→ **Records to use**

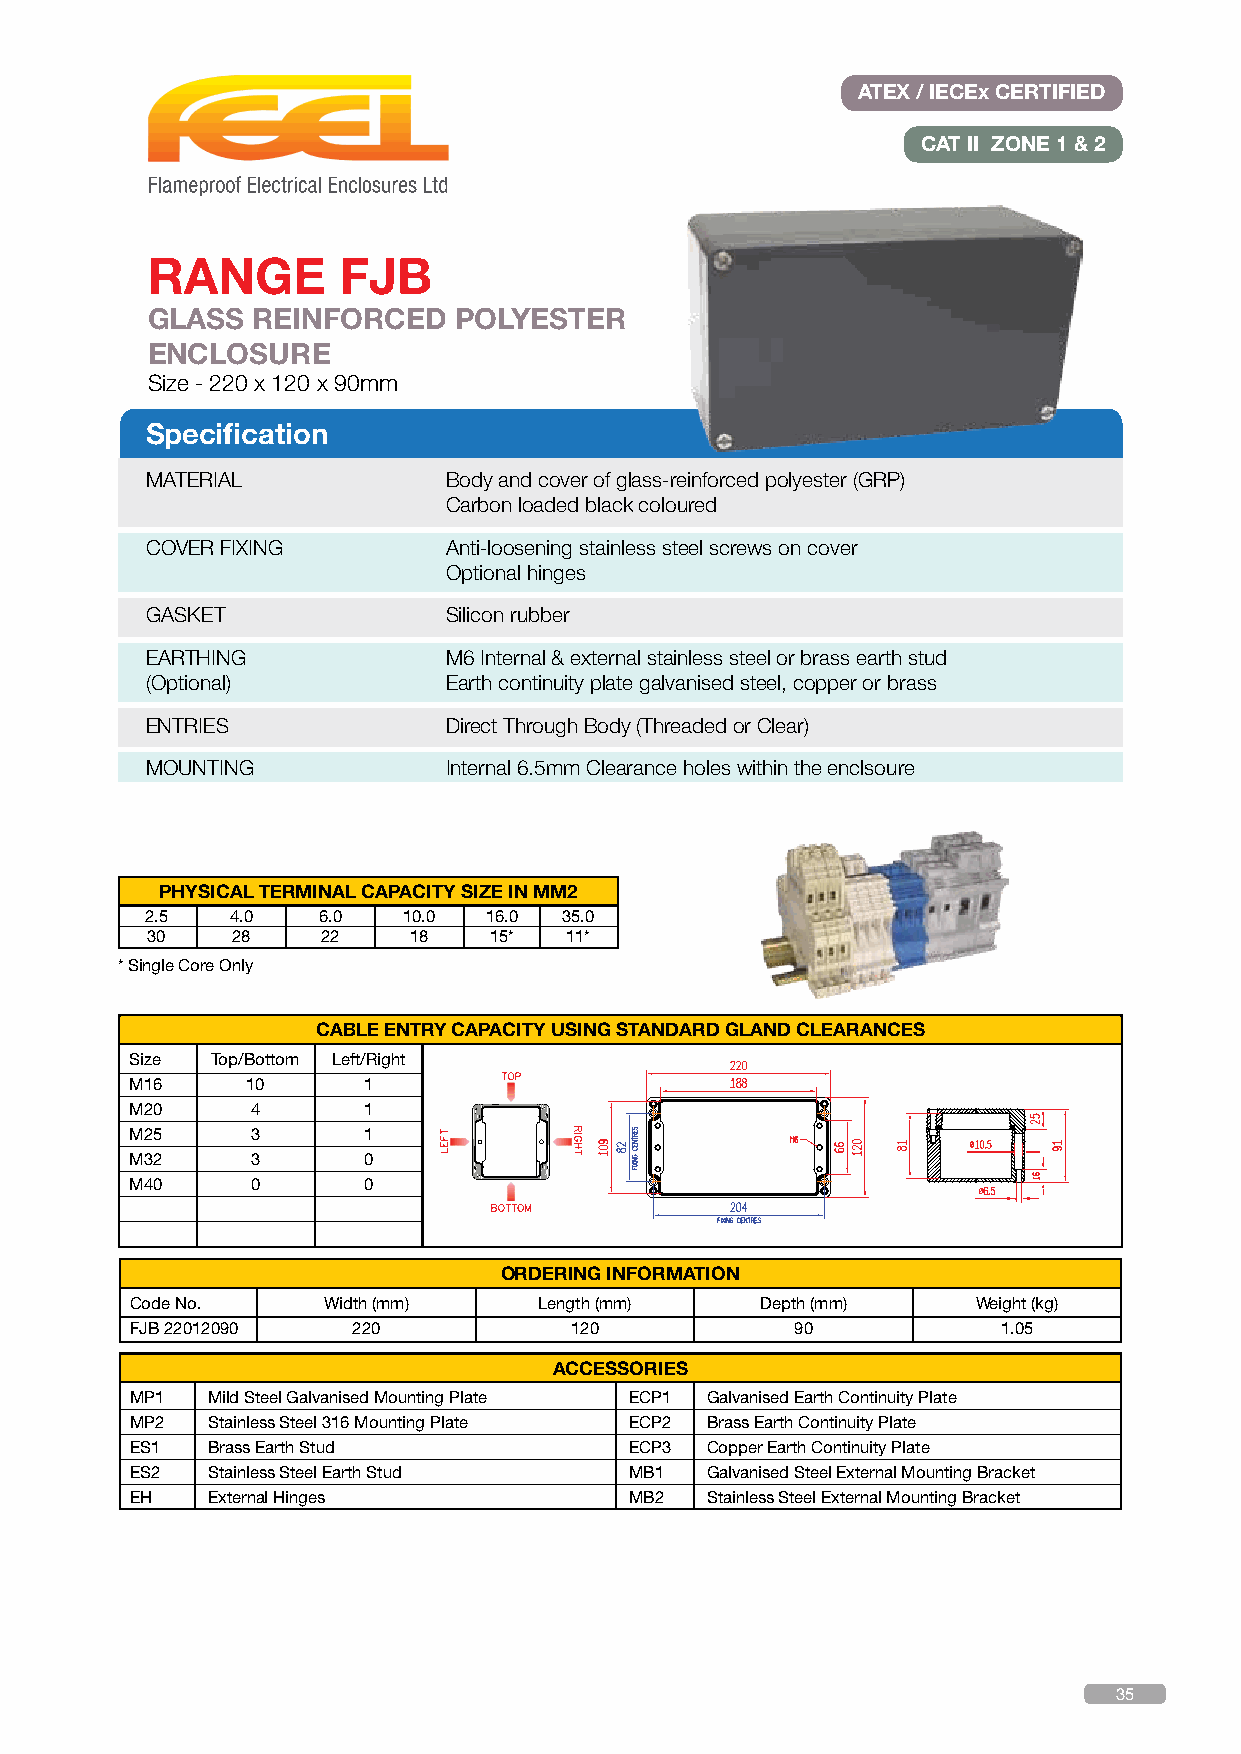
ATEX / IECEx CERTIFIED
 CAT II ZONE 1 & 2
 RANGE       FJB
 GLASS  REINFORCED   POLYESTER
 ENCLOSURE
 Size - 220 x 120 x 90mm
 Specification
 MATERIAL            Body and cover of glass-reinforced polyester (GRP)
 Carbon loaded black coloured
 COVER FIXING        Anti-loosening stainless steel screws on cover
 Optional hinges
 GASKET              Silicon rubber
 EARTHING            M6 Internal & external stainless steel or brass earth stud
 (Optional)          Earth continuity plate galvanised steel, copper or brass
 ENTRIES             Direct Through Body (Threaded or Clear)
 MOUNTING            Internal 6.5mm Clearance holes within the enclsoure
 PHYSICAL TERMINAL CAPACITY SIZE IN MM2
 2.5  4.0   6.0   10.0 16.0 35.0
 30   28    22    18   15*  11*
 * Single Core Only
 CABLE ENTRY CAPACITY USING STANDARD GLAND CLEARANCES
 Size Top/Bottom Left/Right
 M16    10      1
 M20     4      1
 M25     3      1
 M32     3      0
 M40     0      0
 ORDERING INFORMATION
 Code No.    Width (mm)     Length (mm)   Depth (mm)     Weight (kg)
 FJB 22012090  220            120            90           1.05
 ACCESSORIES
 MP1  Mild Steel Galvanised Mounting Plate ECP1 Galvanised Earth Continuity Plate
 MP2  Stainless Steel 316 Mounting Plate ECP2 Brass Earth Continuity Plate
 ES1  Brass Earth Stud            ECP3 Copper Earth Continuity Plate
 ES2  Stainless Steel Earth Stud  MB1  Galvanised Steel External Mounting Bracket
 EH   External Hinges             MB2  Stainless Steel External Mounting Bracket
 35
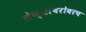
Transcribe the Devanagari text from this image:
लेण्यांबरोबरच
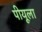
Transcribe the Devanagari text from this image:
पीयूला
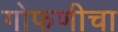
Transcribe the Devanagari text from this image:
गोफणीचा
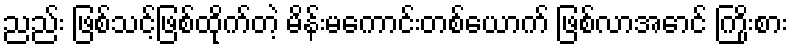
ညည်း ဖြစ်သင့်ဖြစ်ထိုက်တဲ့ မိန်းမကောင်းတစ်ယောက် ဖြစ်လာအောင် ကြိုးစား
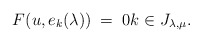
\begin{align*}F(u, e_k(\lambda)) \; =\; 0 k\in J_{\lambda, \mu}.\end{align*}
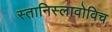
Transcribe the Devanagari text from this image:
स्तानिस्लावोविच
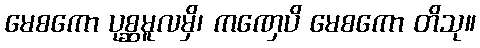
မေစကော ပုစ္ဆမူလမှိ၊ ကဏှေပိ မေစကော တိသု။
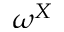
\omega ^ { X }
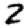
Digit: 2
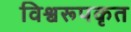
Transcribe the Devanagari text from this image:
विश्वरूपकृत
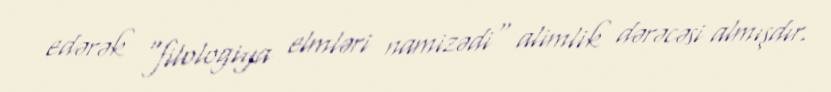
edərək "filologiya elmləri namizədi" alimlik dərəcəsi almışdır.
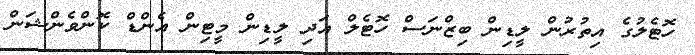
ހޮޓެލުގެ އިތުރުން ލީޑިން ބިޒްނަސް ހޮޓެލް އަދި ލީޑިން މީޓިން އެންޑް ކޮންވެންޝަން
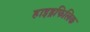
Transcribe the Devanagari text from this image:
हाइड्रफिलिक
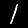
Digit: 1
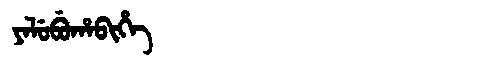
Manchu: ᠶᠠᠯᡠᠪᡠᡥᠠᠪᡳᡥᡝ
Romanization: YALUBUHABIHE
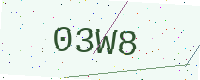
Text: 03W8
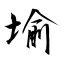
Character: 堬
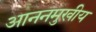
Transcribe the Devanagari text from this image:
आननमुखीय
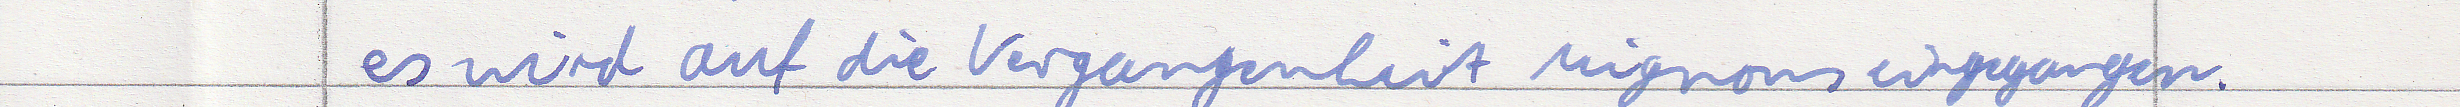
es wird auf die Vergangenheit Mignons eingegangen.
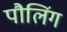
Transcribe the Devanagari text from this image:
पौलिंग
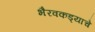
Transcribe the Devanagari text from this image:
भैरवकड्याचे
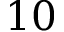
1 0
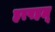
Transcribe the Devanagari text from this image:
हरपहलू
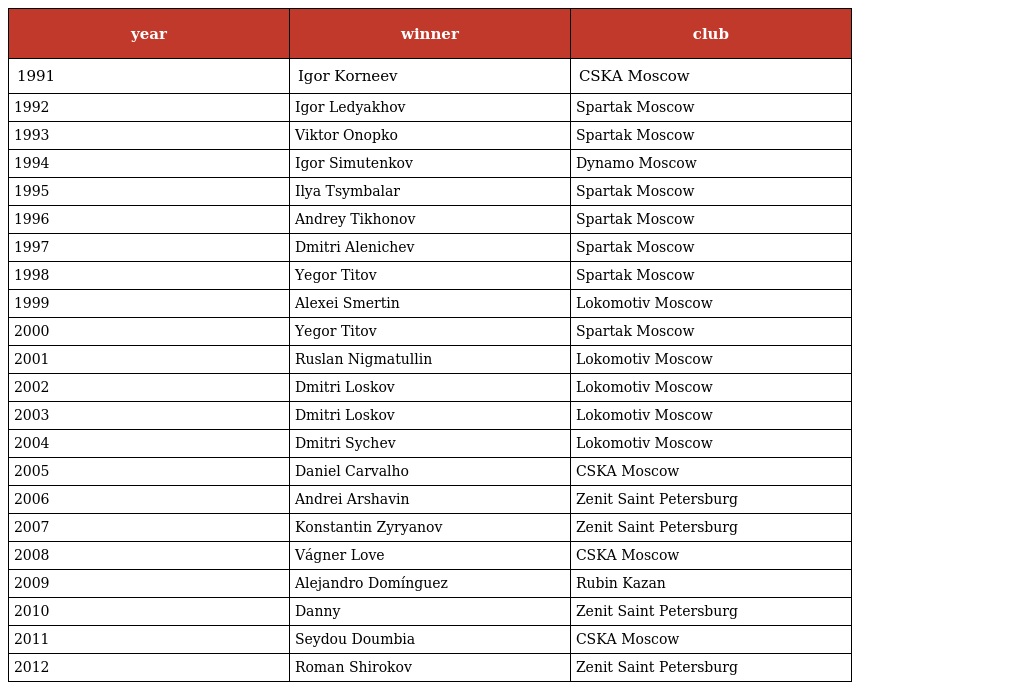
| year | winner | club |
 | --- | --- | --- |
 | 1991 | Igor Korneev | CSKA Moscow |
 | 1992 | Igor Ledyakhov | Spartak Moscow |
 | 1993 | Viktor Onopko | Spartak Moscow |
 | 1994 | Igor Simutenkov | Dynamo Moscow |
 | 1995 | Ilya Tsymbalar | Spartak Moscow |
 | 1996 | Andrey Tikhonov | Spartak Moscow |
 | 1997 | Dmitri Alenichev | Spartak Moscow |
 | 1998 | Yegor Titov | Spartak Moscow |
 | 1999 | Alexei Smertin | Lokomotiv Moscow |
 | 2000 | Yegor Titov | Spartak Moscow |
 | 2001 | Ruslan Nigmatullin | Lokomotiv Moscow |
 | 2002 | Dmitri Loskov | Lokomotiv Moscow |
 | 2003 | Dmitri Loskov | Lokomotiv Moscow |
 | 2004 | Dmitri Sychev | Lokomotiv Moscow |
 | 2005 | Daniel Carvalho | CSKA Moscow |
 | 2006 | Andrei Arshavin | Zenit Saint Petersburg |
 | 2007 | Konstantin Zyryanov | Zenit Saint Petersburg |
 | 2008 | Vágner Love | CSKA Moscow |
 | 2009 | Alejandro Domínguez | Rubin Kazan |
 | 2010 | Danny | Zenit Saint Petersburg |
 | 2011 | Seydou Doumbia | CSKA Moscow |
 | 2012 | Roman Shirokov | Zenit Saint Petersburg |
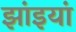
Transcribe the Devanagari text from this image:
झांइयां
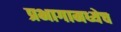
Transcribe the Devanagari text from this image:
प्रभागामध्येच
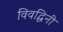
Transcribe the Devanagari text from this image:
विवद्धिनी
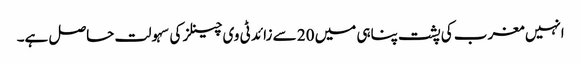
انہیں مغرب کی پشت پناہی میں 20 سے زائد ٹی وی چینلز کی سہولت حاصل ہے۔
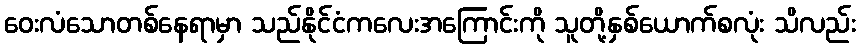
ဝေးလံသောတစ်နေရာမှာ သည်နိုင်ငံကလေးအကြောင်းကို သူတို့နှစ်ယောက်စလုံး သိလည်း
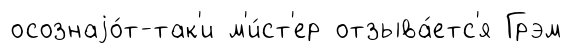
осознаjо́т-так'и м'и́ст'ер отзыва́етс'я Грэм
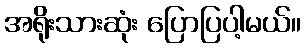
အရိုးသားဆုံး ပြောပြပါ့မယ်။
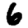
Digit: 6
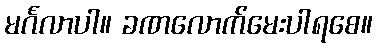
မင်္ဂလာပါ။ ခဏလောက်မေးပါရစေ။
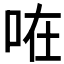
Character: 𠱽
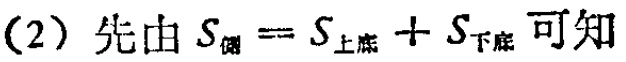
(2) 先由 \(S_{侧}=S_{上底}+S_{下底}\) 可知
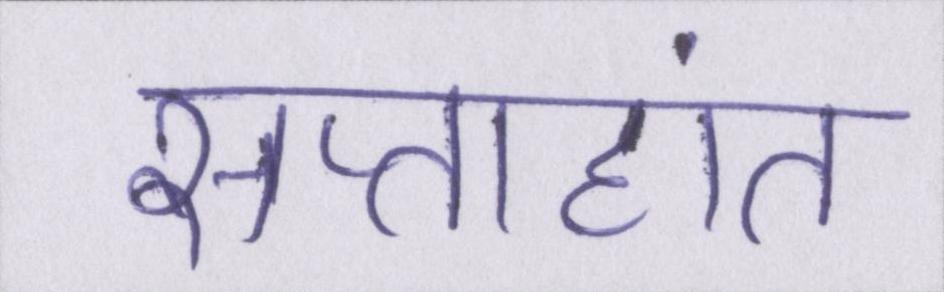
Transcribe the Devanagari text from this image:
सप्ताहांत
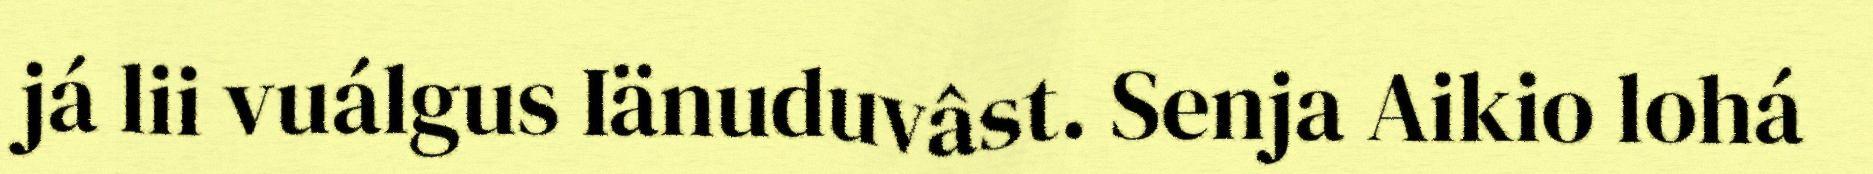
já lii vuálgus Iänuduvâst. Senja Aikio lohá
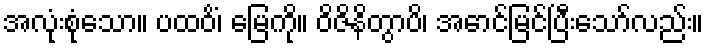
အလုံးစုံသော။ ပထဝိံ၊ မြေကို။ ဝိဇိနိတွာပိ၊ အောင်မြင်ပြီးသော်လည်း။
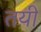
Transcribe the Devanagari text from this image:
तयीं
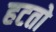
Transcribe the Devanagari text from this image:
हटतो
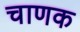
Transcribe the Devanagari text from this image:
चाणक
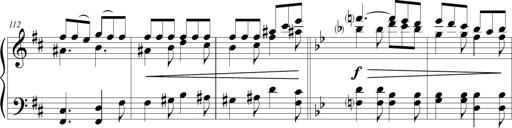
Title: Sonatina (Piano Sonata No.9)
Composer: Richard St. Clair
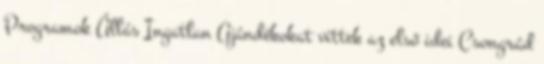
Programok Állás Ingatlan Ajándékokat vittek az első idei Csongrád
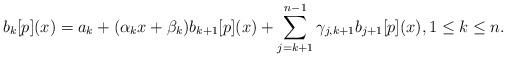
LaTeX: \begin{align*} b_k[p](x) = a_k + (\alpha_kx + \beta_k)b_{k+1}[p](x) + \sum_{j=k+1}^{n-1} \gamma_{j,k+1}b_{j+1}[p](x), 1\leq k\leq n.\end{align*}
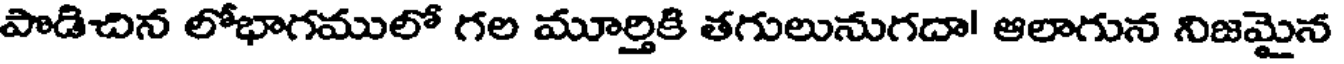
పొడిచిన లోభాగములో గల మూర్తికి తగులునుగదా! ఆలాగున నిజమైన
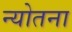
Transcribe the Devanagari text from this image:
न्योतना
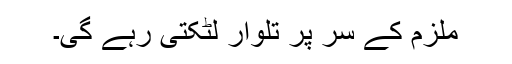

→ **Your instructions**
Nothing but the lines from the one containing "Character: 𠱽" through the last line of the records above should appear, each repeated exactly, with no pictures.

→ **Response to this exercise**
Character: 𠱽
(2) 先由 \(S_{侧}=S_{上底}+S_{下底}\) 可知
Transcribe the Devanagari text from this image:
सप्ताहांत
já lii vuálgus Iänuduvâst. Senja Aikio lohá
အလုံးစုံသော။ ပထဝိံ၊ မြေကို။ ဝိဇိနိတွာပိ၊ အောင်မြင်ပြီးသော်လည်း။
Transcribe the Devanagari text from this image:
तयीं
Transcribe the Devanagari text from this image:
हटतो
Transcribe the Devanagari text from this image:
चाणक
Title: Sonatina (Piano Sonata No.9)
Composer: Richard St. Clair
Programok Állás Ingatlan Ajándékokat vittek az első idei Csongrád
LaTeX: \begin{align*} b_k[p](x) = a_k + (\alpha_kx + \beta_k)b_{k+1}[p](x) + \sum_{j=k+1}^{n-1} \gamma_{j,k+1}b_{j+1}[p](x), 1\leq k\leq n.\end{align*}
పొడిచిన లోభాగములో గల మూర్తికి తగులునుగదా! ఆలాగున నిజమైన
Transcribe the Devanagari text from this image:
न्योतना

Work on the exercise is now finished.